• _Work request_: The answer must be only the lines below from the one holding "The 8 frames" down to the one holding "Coming 4.9 seconds after image 1.", ends included, printed exactly; please omit all pictures.

• _Supplied data_:

# # #

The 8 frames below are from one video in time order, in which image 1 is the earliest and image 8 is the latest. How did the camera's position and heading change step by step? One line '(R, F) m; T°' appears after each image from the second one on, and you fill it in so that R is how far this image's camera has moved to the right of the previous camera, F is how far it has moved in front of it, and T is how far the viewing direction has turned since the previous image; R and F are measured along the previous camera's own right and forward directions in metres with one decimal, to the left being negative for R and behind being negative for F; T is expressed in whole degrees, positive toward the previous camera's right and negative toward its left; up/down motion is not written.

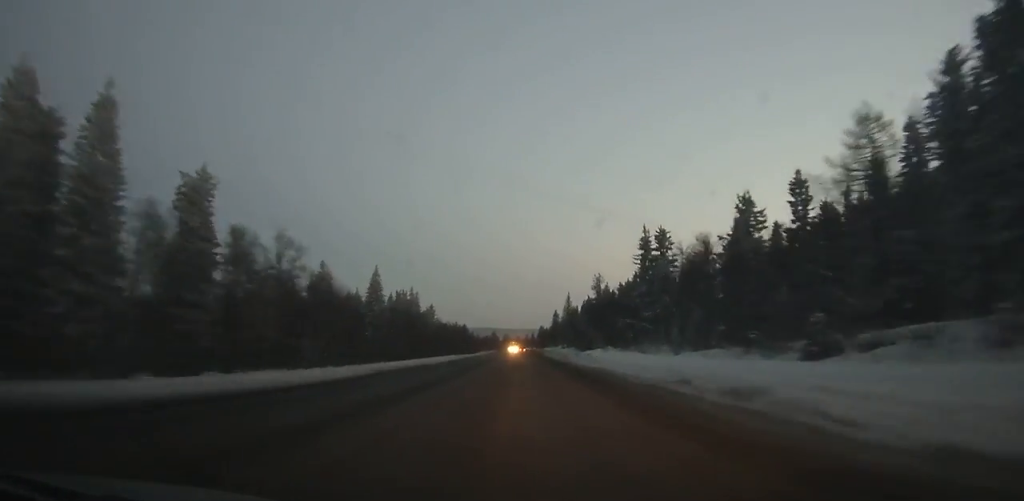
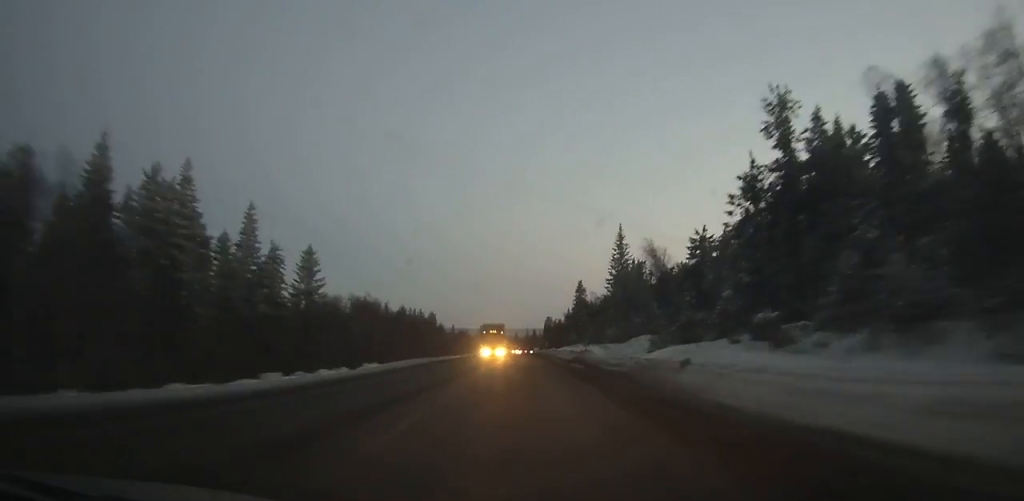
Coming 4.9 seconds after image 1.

# # #

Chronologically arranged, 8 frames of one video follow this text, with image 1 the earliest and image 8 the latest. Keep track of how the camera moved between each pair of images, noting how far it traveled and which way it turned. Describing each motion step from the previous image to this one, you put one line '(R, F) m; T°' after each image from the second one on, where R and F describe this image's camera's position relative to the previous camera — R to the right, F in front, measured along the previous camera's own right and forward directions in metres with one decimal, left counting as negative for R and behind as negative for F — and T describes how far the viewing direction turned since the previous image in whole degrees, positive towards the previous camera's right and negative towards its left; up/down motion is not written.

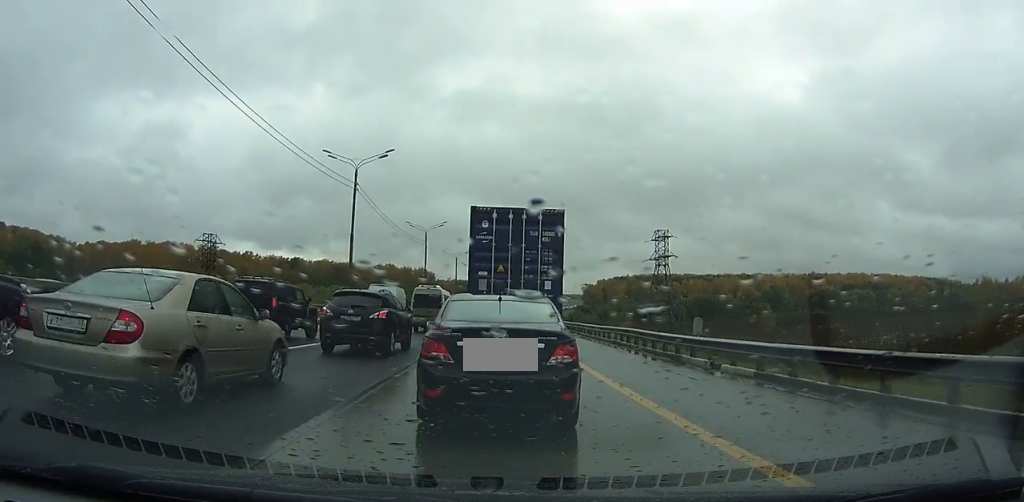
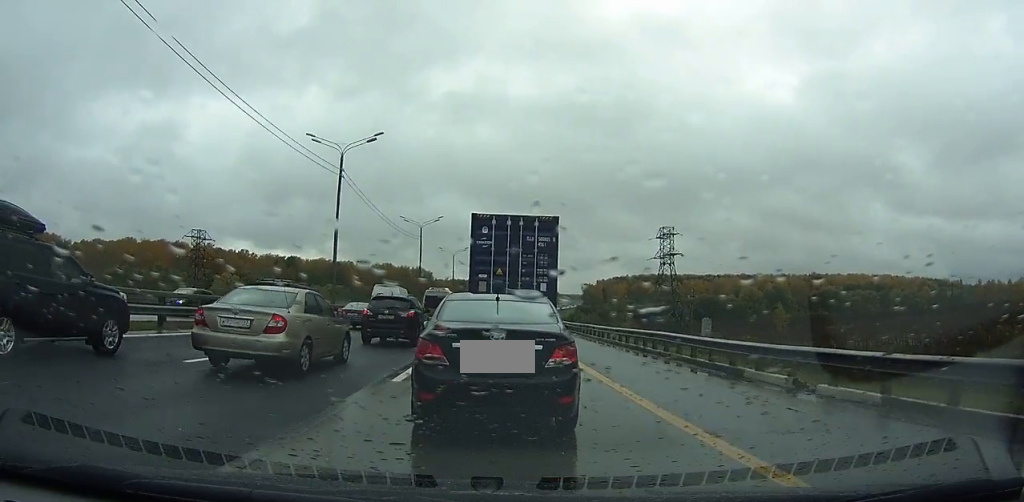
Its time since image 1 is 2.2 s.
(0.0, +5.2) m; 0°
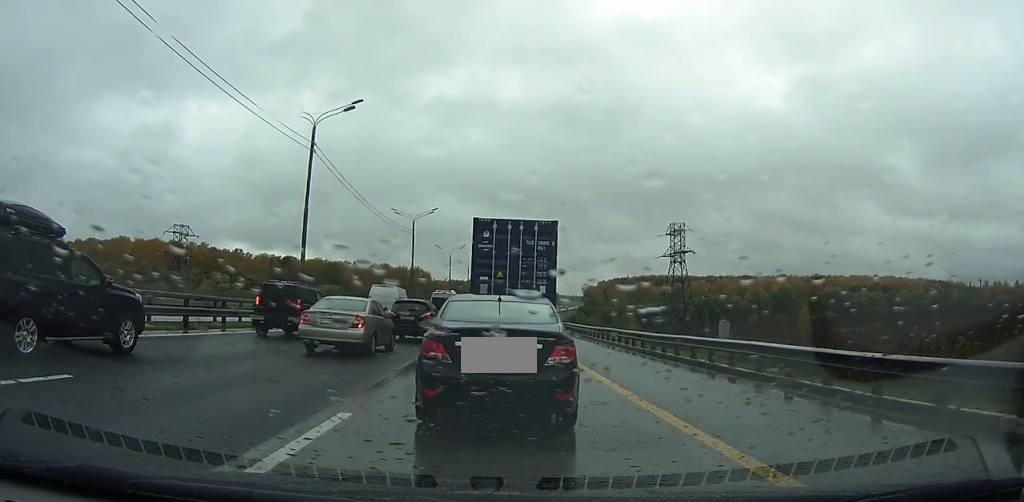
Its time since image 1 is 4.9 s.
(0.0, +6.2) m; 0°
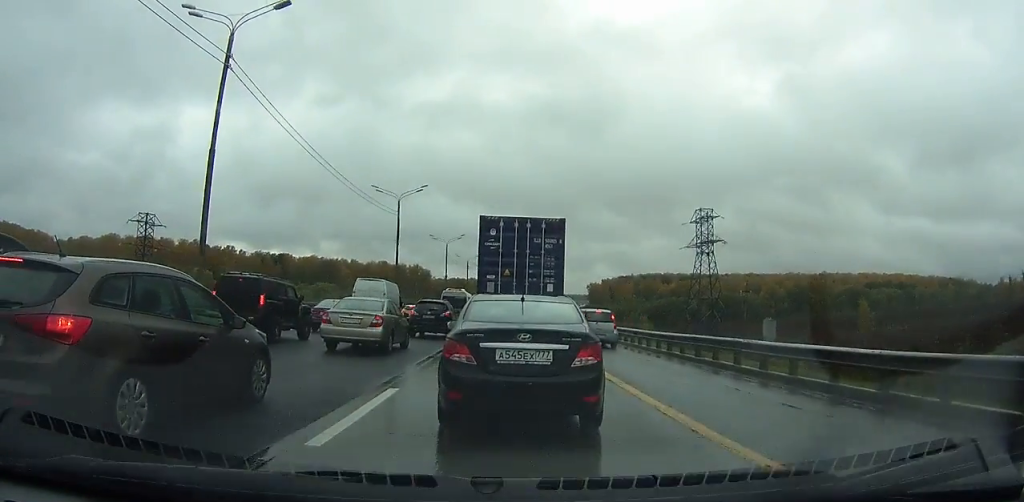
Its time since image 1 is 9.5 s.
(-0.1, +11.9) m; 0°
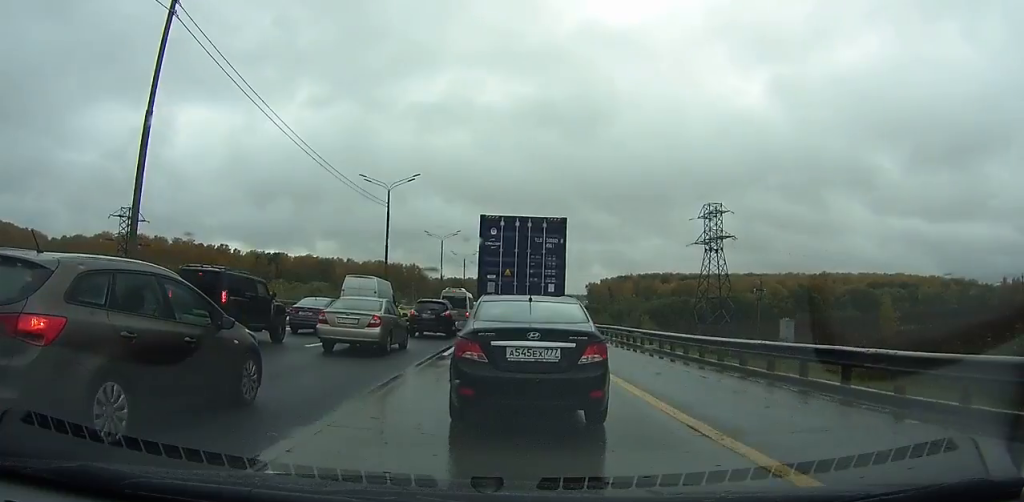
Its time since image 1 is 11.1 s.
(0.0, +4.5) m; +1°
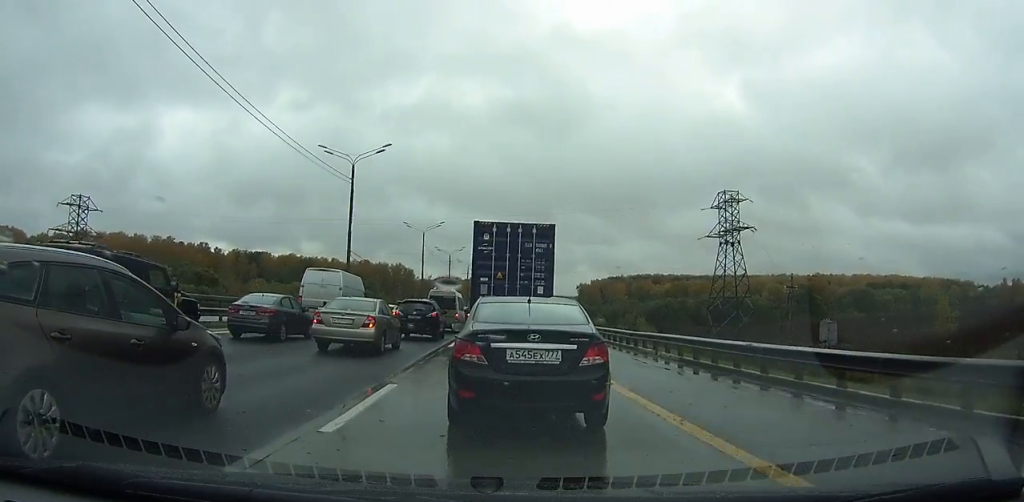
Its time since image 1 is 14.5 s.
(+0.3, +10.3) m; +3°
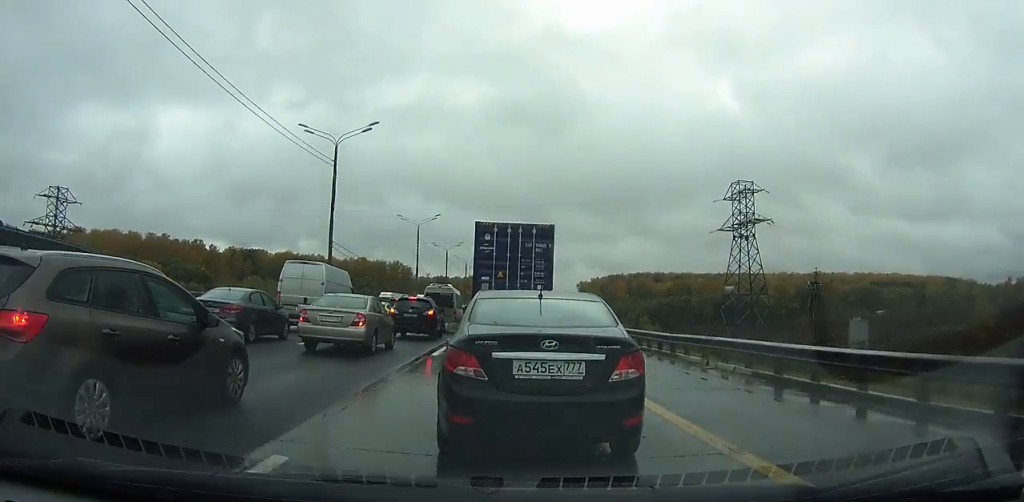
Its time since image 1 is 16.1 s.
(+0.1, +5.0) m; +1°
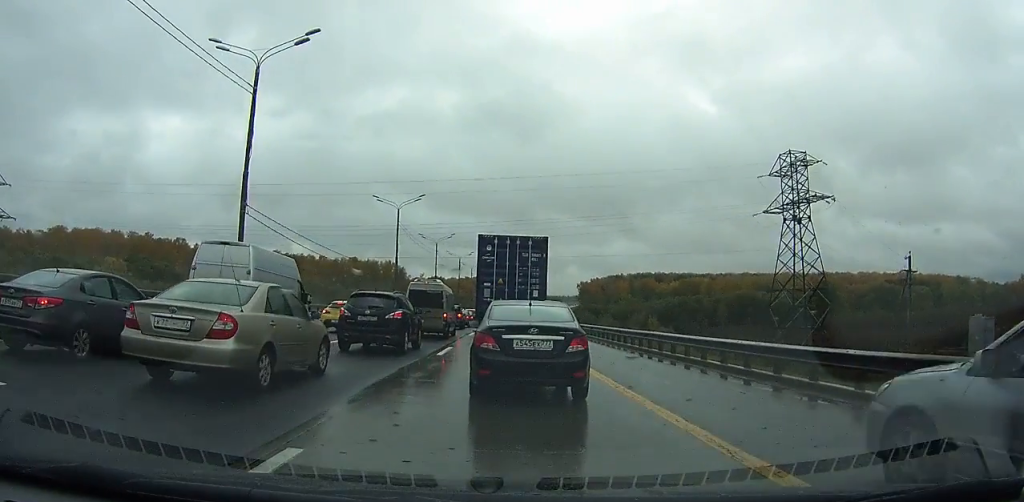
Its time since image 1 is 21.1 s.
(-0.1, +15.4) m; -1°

# # #

• _The completed task_:
The 8 frames below are from one video in time order, in which image 1 is the earliest and image 8 is the latest. How did the camera's position and heading change step by step? One line '(R, F) m; T°' appears after each image from the second one on, and you fill it in so that R is how far this image's camera has moved to the right of the previous camera, F is how far it has moved in front of it, and T is how far the viewing direction has turned since the previous image; R and F are measured along the previous camera's own right and forward directions in metres with one decimal, to the left being negative for R and behind being negative for F; T is expressed in whole degrees, positive toward the previous camera's right and negative toward its left; up/down motion is not written.

Coming 4.9 seconds after image 1.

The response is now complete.